Leaving hastily to one side the question of top-ups – another looming iceberg in the mist – the relevant statutory guidance, which is currently LAC (2004)20, understandably aims to ensure that the “usual cost” of care home accommodation, for residents within particular brackets of need, is maintained at a realistically high level – not to benefit care home owners, but residents, by ensuring that the local care home market includes a reasonable choice of reasonably quality care homes at prices that do not require top ups to be paid.

The focus of care home owners, however, and understandably so, has been on paragraph 2.5.4, which advises local authorities to set their usual costs at the start of a financial or other planning period, or in response to significant changes in the cost of providing care, to “set more than one usual cost where the cost of providing residential accommodation to specific groups is different” and goes on to say: “In setting and reviewing their usual costs, councils should have due regard to the actual costs of providing care and other local factors.
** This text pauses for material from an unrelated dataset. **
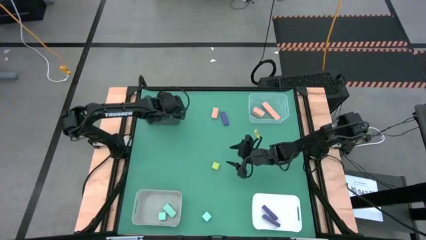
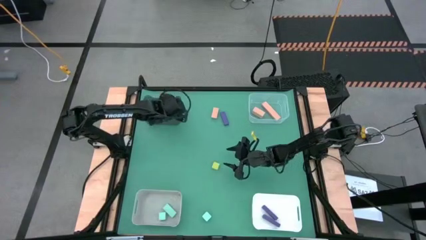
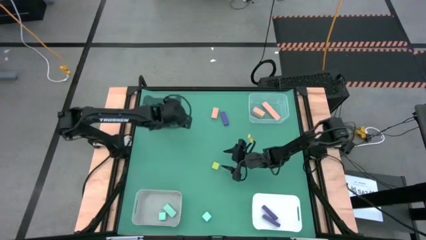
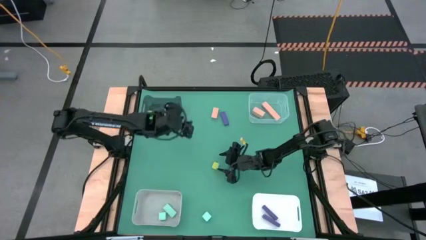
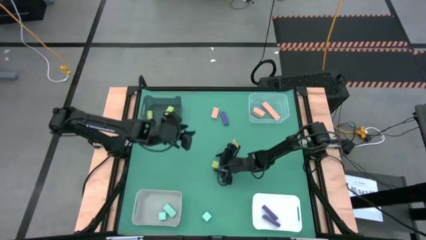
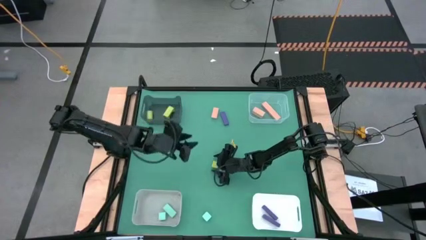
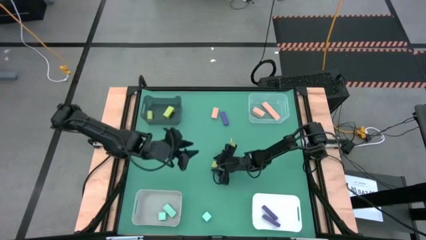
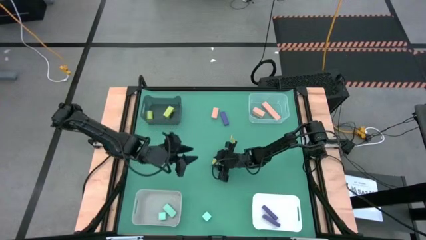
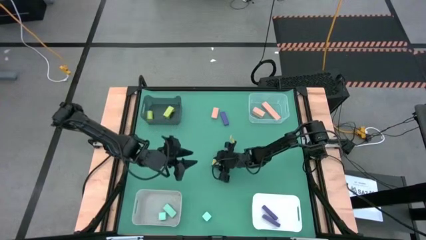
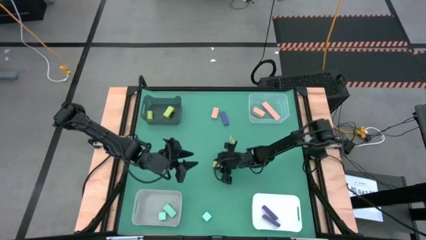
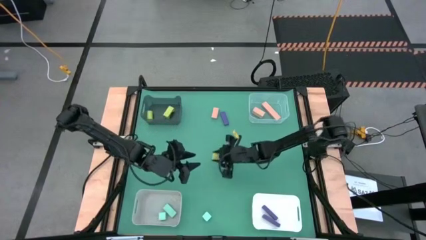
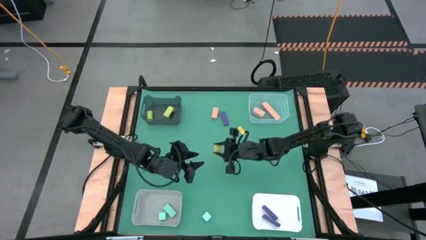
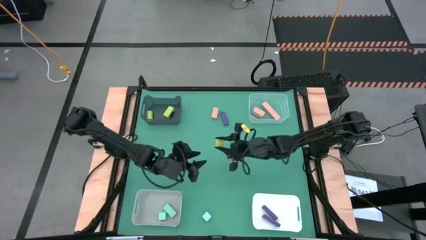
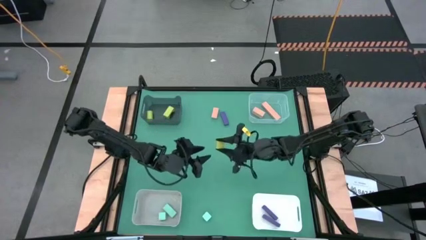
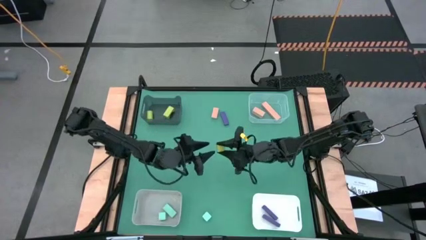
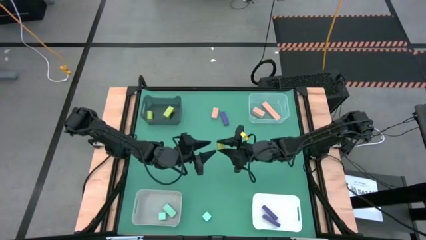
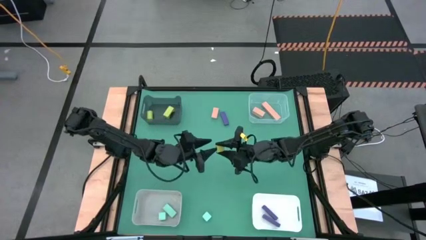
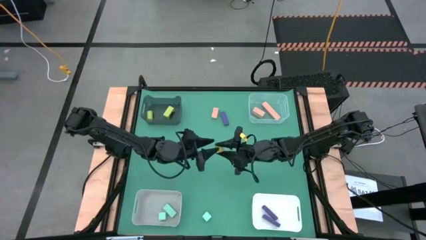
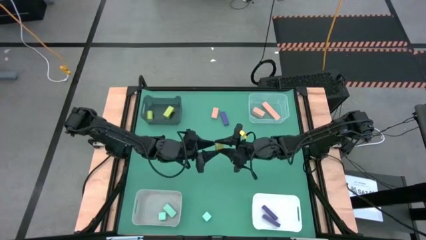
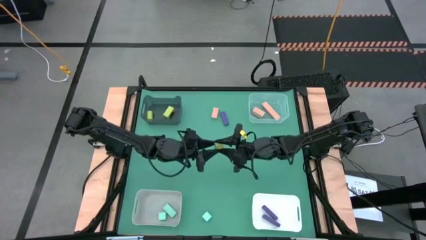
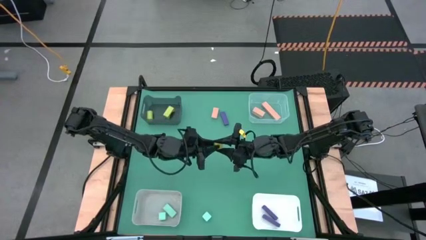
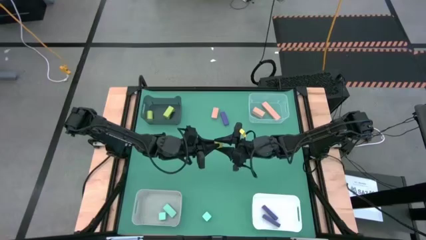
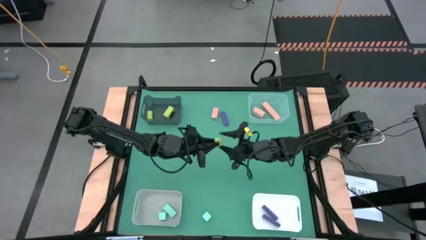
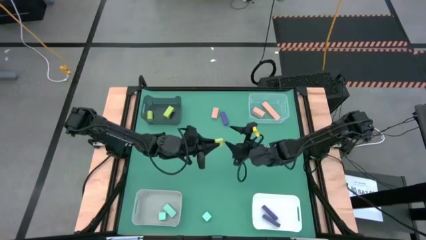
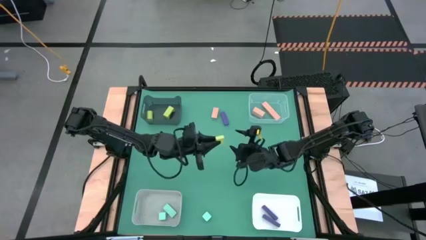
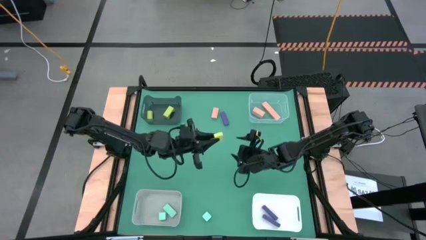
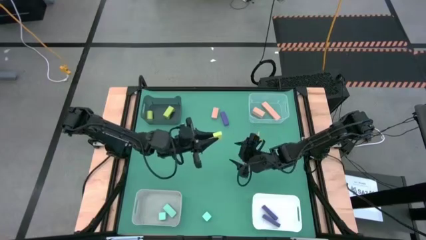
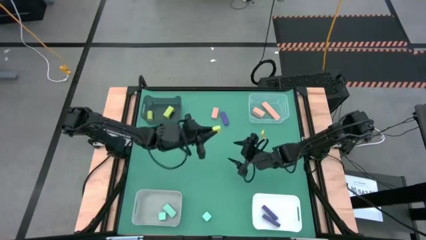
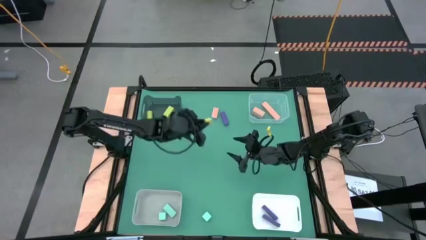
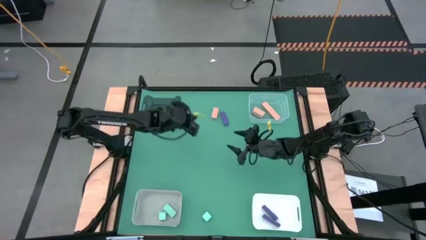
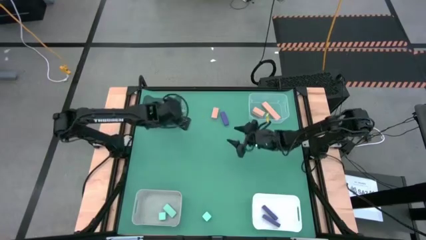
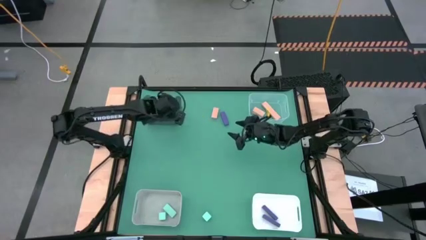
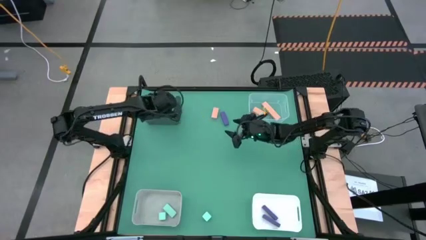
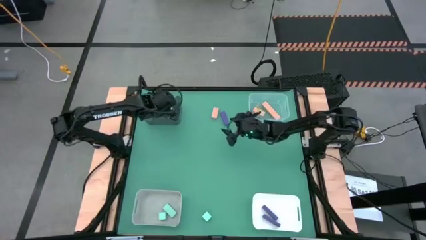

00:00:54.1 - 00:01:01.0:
Task: Sort & place blocks by color
Put the light green block into the black bin

Councils should also have due regard to Best Value requirements under the Local Government Act 1999”.

The other relevant document is neither statutory guidance nor, ostensibly, guidance at all but, as it describes itself “an agreement”: Building Capacity and Partnership in Care: An Agreement between the statutory and the independent social care, health care and housing sectors. Unlike LAC (2004) 20, this agreement (to which senior local authority and care home persons contributed) is aimed directly at the relationship between care home commissioners and providers. Among some of its more neglected provisions, it does state that providers should undertake a number of obligations including, at paragraph 6.8, that “Providers should ensure that they …. Are able to provide a full breakdown of the costs of services provided”. There is, however, a strong, but nonetheless carefully framed, shot across local authority bows:

6.2 Providers have become increasingly concerned that some commissioners have used their dominant position to drive down or hold down fees to a level that recognises neither the costs to providers nor the inevitable reduction in the quality of service provision that follows. This is short-sighted and may put individuals at risk. It is in conflict with the Government’s Best Value policy. And it can destabilise the system, causing unplanned exits from the market. Fee setting must take into account the legitimate current and future costs faced by providers as well as the factors that affect those costs, and the potential for improved performance and more cost effective ways of working. Contract prices should not be set mechanistically but should have regard to providers’ costs and efficiencies, and planned outcomes for people using services, including patients.

The cases so far

Aside from a handful of cases in the mid 1990s, the setting of care home fees was an area unblemished by litigation, or by much in the way of rigorous thought generally it now seems. From time to time, some local authorities felt obliged to gird up their loins and carry out a Laing & Buisson-style investigation into the local cost of providing care homes, as a sort of once-in-a-lifetime trauma, to be forgotten as quickly as possible. For much of the time, however, rates were based on old rates, themselves based on old rates, with a nod towards regional fees (based on similarly shaky foundations) and inflation, and a good deal of horse-trading between parties who all had a great deal to lose. For better or worse, R (Forest Care Limited v Pembrokeshire CC [2010] EWHC 3514 Admin changed that and led to a spate of further judicial reviews, that shows no sign of evaporating. As already indicated, the relevant cases are scheduled below.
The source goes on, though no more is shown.